In many stories Magic is described as a force that is part of nature, just like electricity, magnetism and light. The difference is that Magic is less understood and as a result it gets viewed as a mysterious force, but that's all... This means that Magic would be the same as Technology, because they both work by following the rules of the universe.

My personal definition of Magic goes against this: I describe Magic as the exact opposite of Nature, a force that works by destroying the rules of the universe instead of following them.

In order to combine Magic and Technology in a story and obtain an interesting result, first you need to have a clear definition of each of them.


----------



## psychotick (Oct 1, 2014)

Hi,

I have no problems with the concept - and one of my favourite RPG's of all time was Arcanum. Only difference is that magic and science interferred with one another so mages weren't allowed to ride trains and the scientists had to stay away from magical places.

How to make them even? Well the simplest answer is to use exclusivity. If only a few people can use magic, then most people can't. And most people wouldn't want to go to their local mage every time they need something done for them that they can do at home with a gadget.

Cheers, Greg.


----------



## Sheilawisz (Oct 1, 2014)

I wanted to add that there is a very famous example of a story that combines Magic and Technology, and it was done very well.

Some people think that the _Star Wars_ universe is Science Fiction, but in fact it's Fantasy. Not the type of Fantasy about castles and dragons, yeah, but Fantasy after all. The setting combines spaceships, energy weapons and unrealistic technology with the mysterious power known as the Force, and the Jedi Knights use both.

The Jedi are the Wizards of the Star Wars universe.

Star Wars alone is proof that you can combine both things and obtain great results, so if that's what you want, then go for it! =)


----------



## wordwalker (Oct 1, 2014)

One thing about tech or tech-like magic is that most fantasy worlds seem to have some of it in at least a few discreet places, as compared to the Dark Age or Renaissance setting they claim to be. If they didn't, they'd have depths of harshness that the average fantasy author and reader don't want to fully relate to-- infant mortality, minimal light sources indoors, and so on. Many writers use these grim facts, but most don't take them to the full medieval level, and they use them selectively. (Of course some do go full Dark Age too.) If a world claims to be realistic, but isn't dizzyingly different in those ways from the nice clean 21st century, it's got to be magic or tech buffering it.

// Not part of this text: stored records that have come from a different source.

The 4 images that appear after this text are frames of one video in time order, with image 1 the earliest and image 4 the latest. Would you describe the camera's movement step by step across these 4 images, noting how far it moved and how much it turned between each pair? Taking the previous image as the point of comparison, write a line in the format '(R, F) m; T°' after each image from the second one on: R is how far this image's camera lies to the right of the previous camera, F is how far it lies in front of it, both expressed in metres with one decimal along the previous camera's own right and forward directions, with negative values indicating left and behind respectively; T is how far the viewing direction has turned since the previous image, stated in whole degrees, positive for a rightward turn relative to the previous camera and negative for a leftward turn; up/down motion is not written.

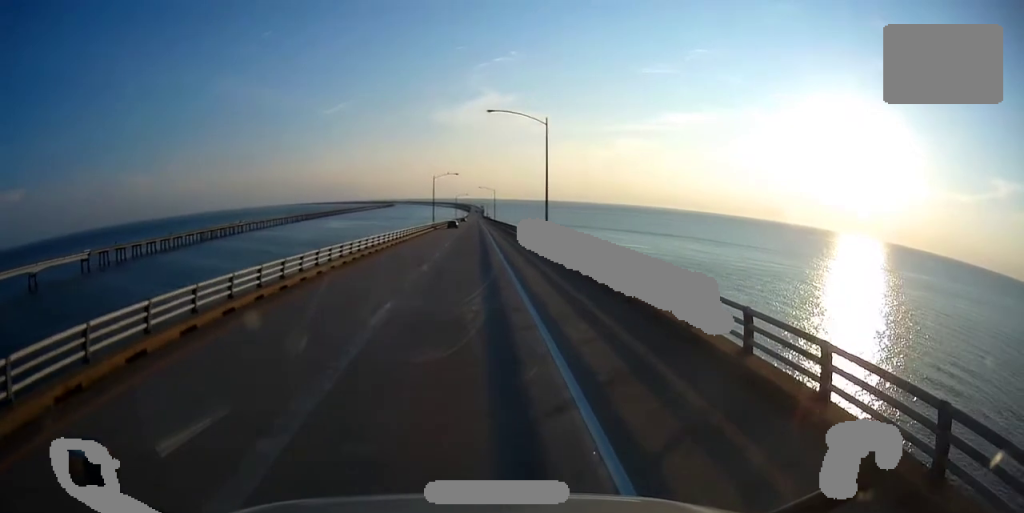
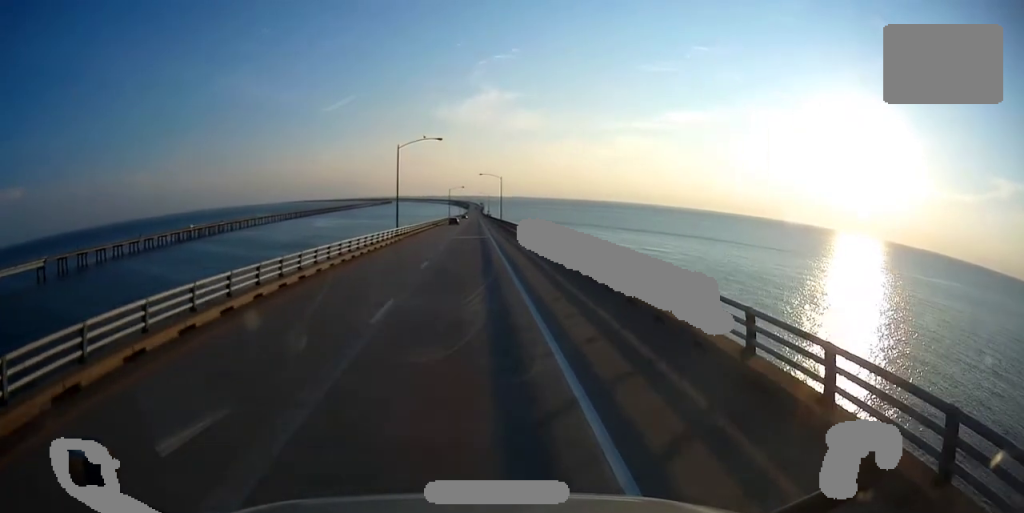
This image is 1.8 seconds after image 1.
(-0.2, +48.0) m; 0°
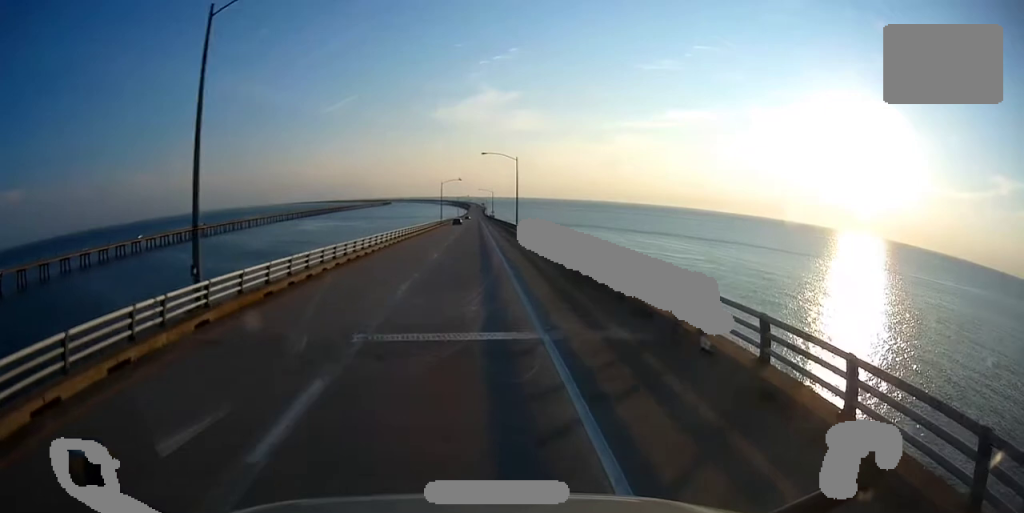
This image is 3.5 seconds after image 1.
(+0.2, +44.0) m; 0°
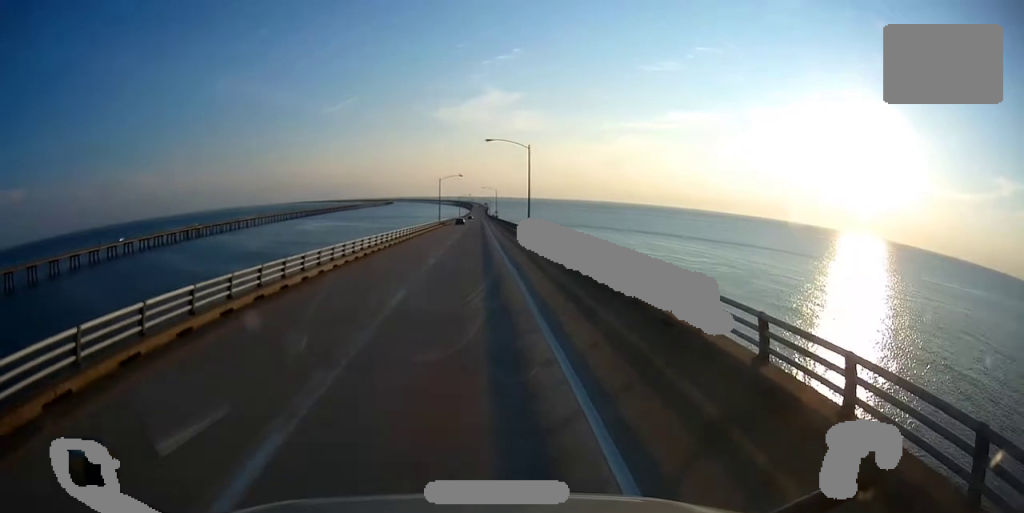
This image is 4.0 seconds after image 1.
(0.0, +13.6) m; 0°

Of course you can always say that a Peaceful Kingdom has some understanding of sanitation and a lord who insisted the towns have room to live in. A few things like that could make it a truly nice place to live outside of the religious feuds or demon raids or other plot points. But advantages like that _are_ technology, unless they're magic.

So the more you want a sword-based fantasy that keeps those basics approachable for sheltered modern readers, if you still want the kind of worldbuilding cause and effect that lets you dig into the grittiness you _do_ want? The more you can drop references to "earth-magic healing herbs," "super-bright lamp oil," and other mass advantages to cover the rest.


----------



## BronzeOracle (Oct 27, 2014)

I've seen a number of stories where its magic versus technology and in each case I think they're a retelling of the clash of civilisations with colonisation and the loss of the those cultures to Europeans - I'm thinking the Ralph Bakshi movie 'Wizards' and The Darksword trilogy.  In both cases technology stomps magic and the story is one of loss of the old ways of magic that go with the doomed civilisation.

But I agree if you want to even the odds its just a matter of deciding how powerful your magic is, it is based on a time before the Age of Enlightenment when the forces of nature were bewildering, frightening and mysterious, so you can make the magic draw on a realm/dimensions of incredible power if you want to.  Its more what story do you want to tell and why is the magic important to it - is it about two sides engaged in conflict, so the magic is weaponry?  Then its just a decision of which side needs to be more powerful and which will be the underdog.  But then you can always have magic interwoven with technology, complimenting it rather than being an alternative weapon/power source etc.  Depending on where you take it magic can just be a form of constructive/destructive energy or it can be much more and can do things that technology can't, like see into the future or people's minds, control people's actions, bring someone back from the dead or teleport across space and time.  I think start with the story, see what you need the magic to do and then work from there.


----------